- [Assignment]: Return each record verbatim, images excluded.

+-------+

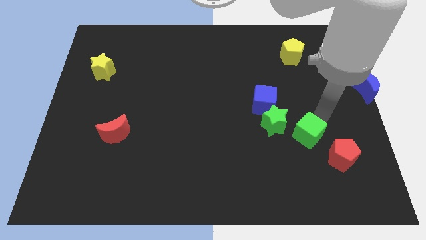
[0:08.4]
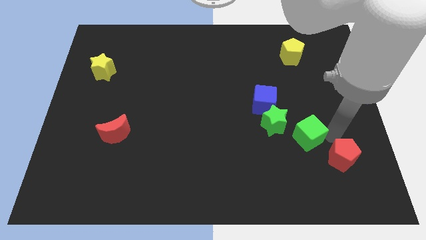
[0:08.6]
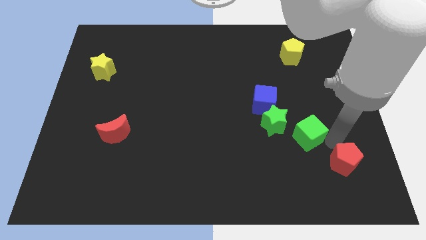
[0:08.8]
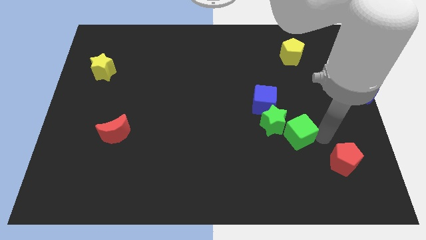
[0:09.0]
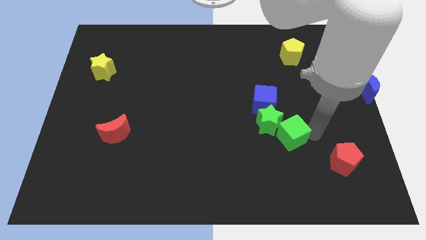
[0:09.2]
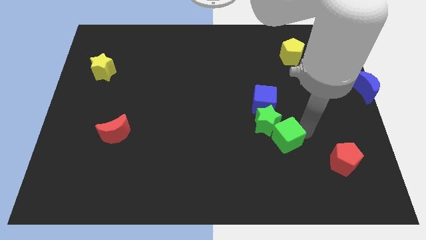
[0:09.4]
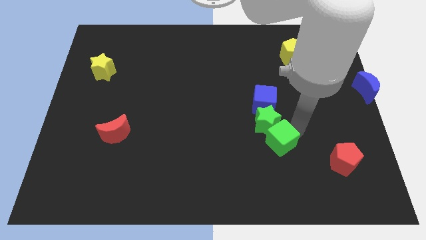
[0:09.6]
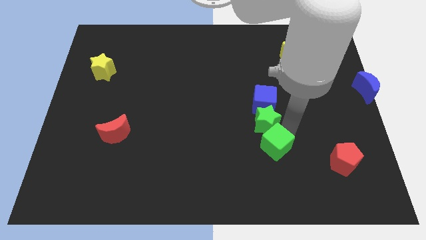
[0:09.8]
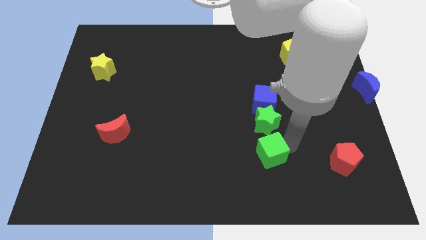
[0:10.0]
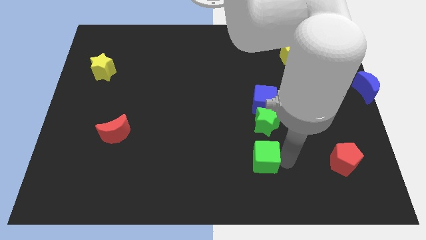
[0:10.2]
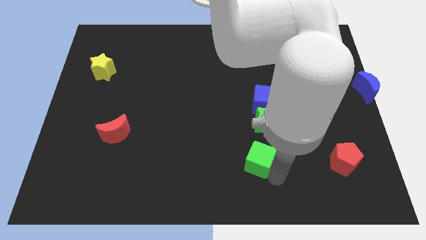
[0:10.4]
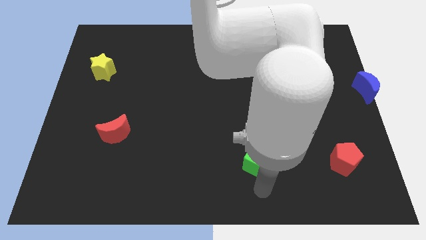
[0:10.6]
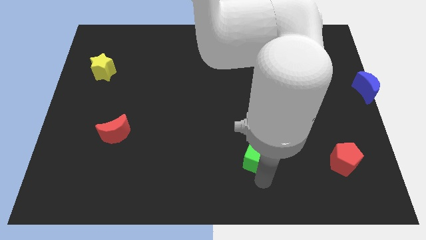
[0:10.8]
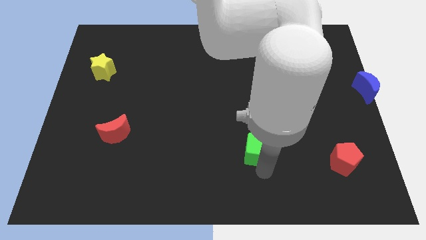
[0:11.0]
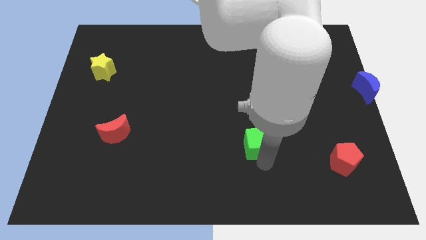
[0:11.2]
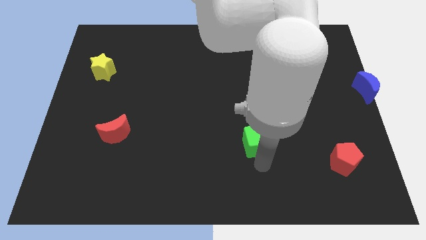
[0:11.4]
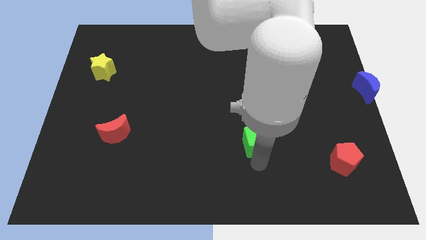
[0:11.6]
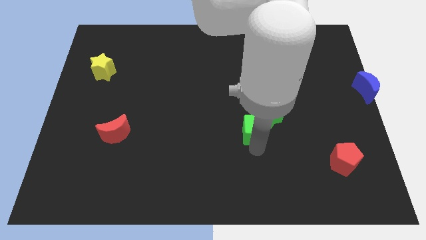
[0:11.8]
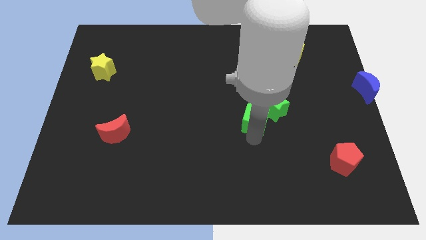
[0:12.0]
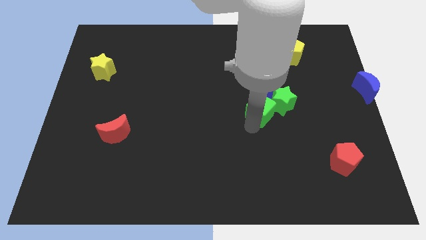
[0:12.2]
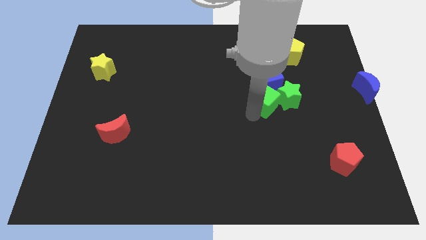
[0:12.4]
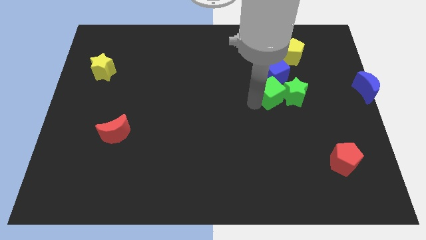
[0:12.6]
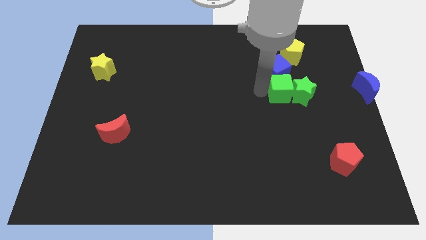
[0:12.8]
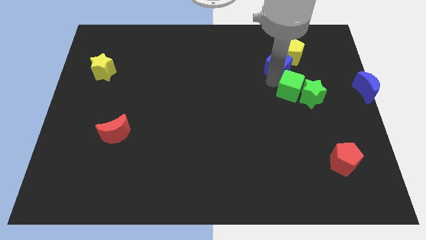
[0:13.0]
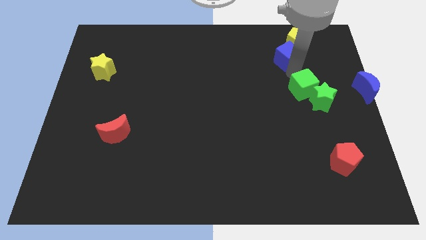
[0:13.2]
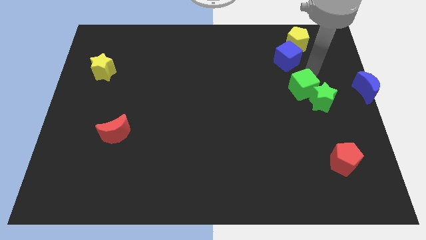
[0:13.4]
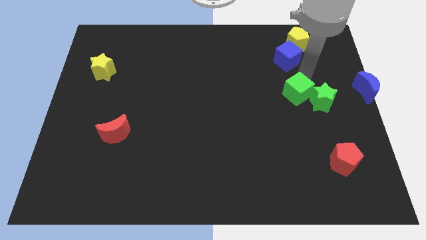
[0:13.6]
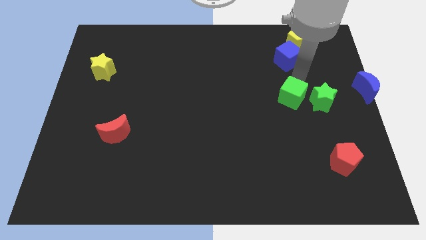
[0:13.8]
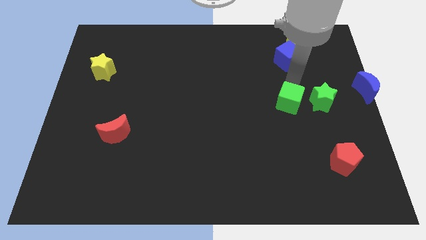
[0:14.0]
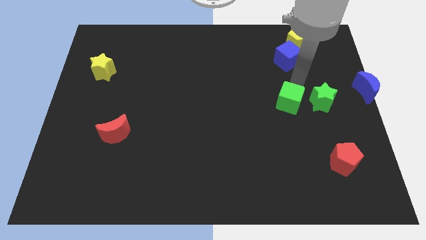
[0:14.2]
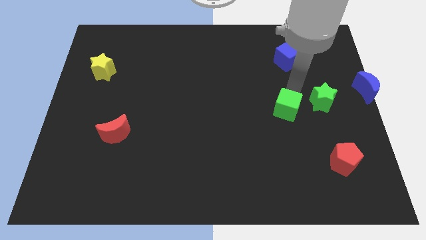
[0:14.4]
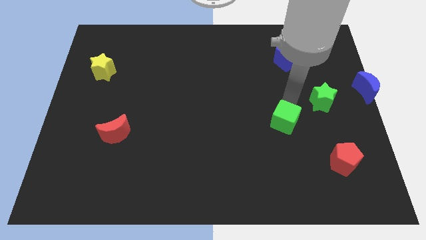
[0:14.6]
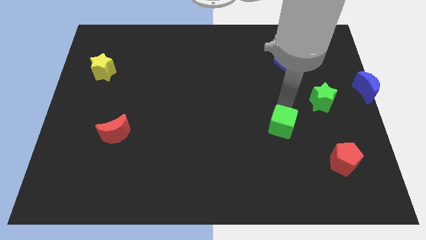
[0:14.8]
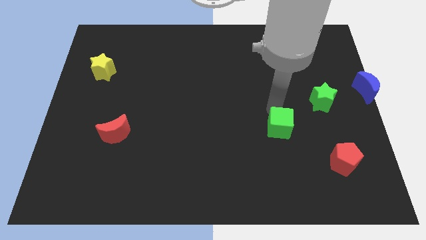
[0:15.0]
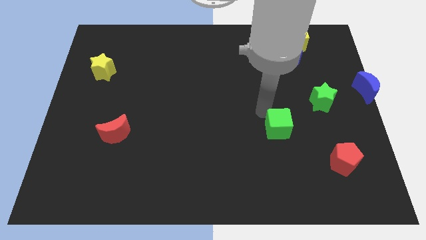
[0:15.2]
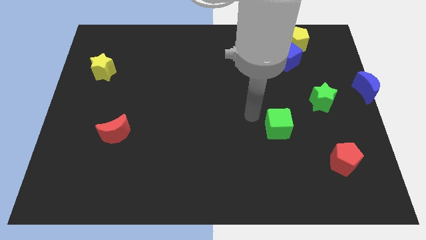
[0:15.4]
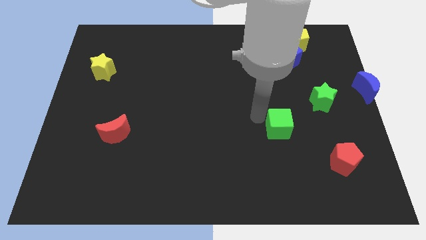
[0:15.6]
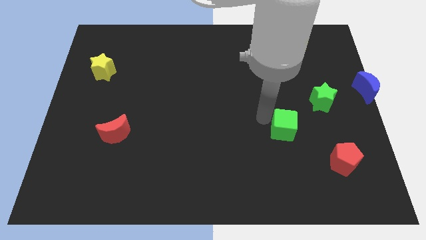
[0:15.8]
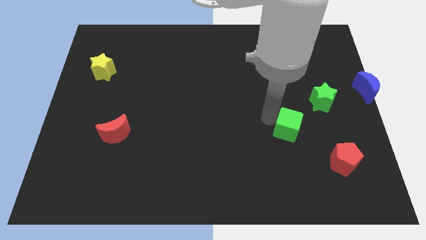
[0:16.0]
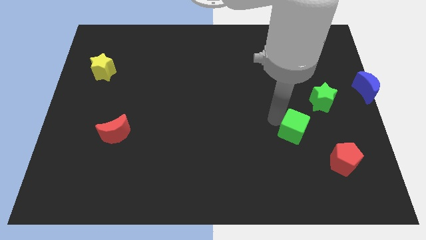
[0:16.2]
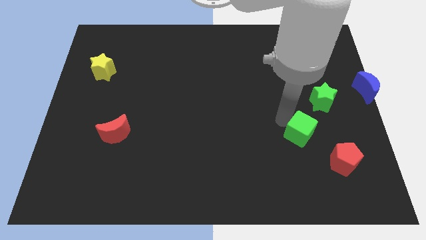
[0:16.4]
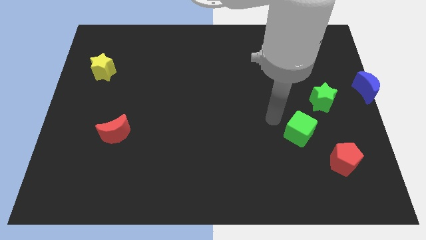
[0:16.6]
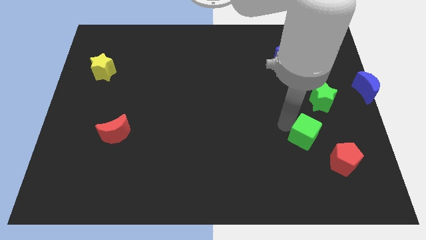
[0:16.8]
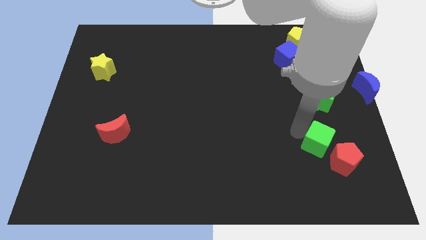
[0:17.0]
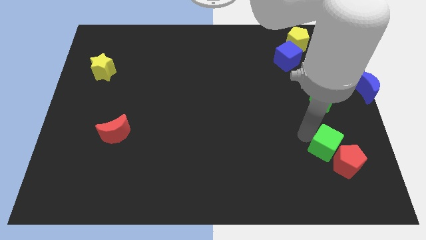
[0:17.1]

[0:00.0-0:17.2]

+-------+

- [Result of the exercise]:
[0:08.4]
[0:08.6]
[0:08.8]
[0:09.0]
[0:09.2]
[0:09.4]
[0:09.6]
[0:09.8]
[0:10.0]
[0:10.2]
[0:10.4]
[0:10.6]
[0:10.8]
[0:11.0]
[0:11.2]
[0:11.4]
[0:11.6]
[0:11.8]
[0:12.0]
[0:12.2]
[0:12.4]
[0:12.6]
[0:12.8]
[0:13.0]
[0:13.2]
[0:13.4]
[0:13.6]
[0:13.8]
[0:14.0]
[0:14.2]
[0:14.4]
[0:14.6]
[0:14.8]
[0:15.0]
[0:15.2]
[0:15.4]
[0:15.6]
[0:15.8]
[0:16.0]
[0:16.2]
[0:16.4]
[0:16.6]
[0:16.8]
[0:17.0]
[0:17.1]

[0:00.0-0:17.2]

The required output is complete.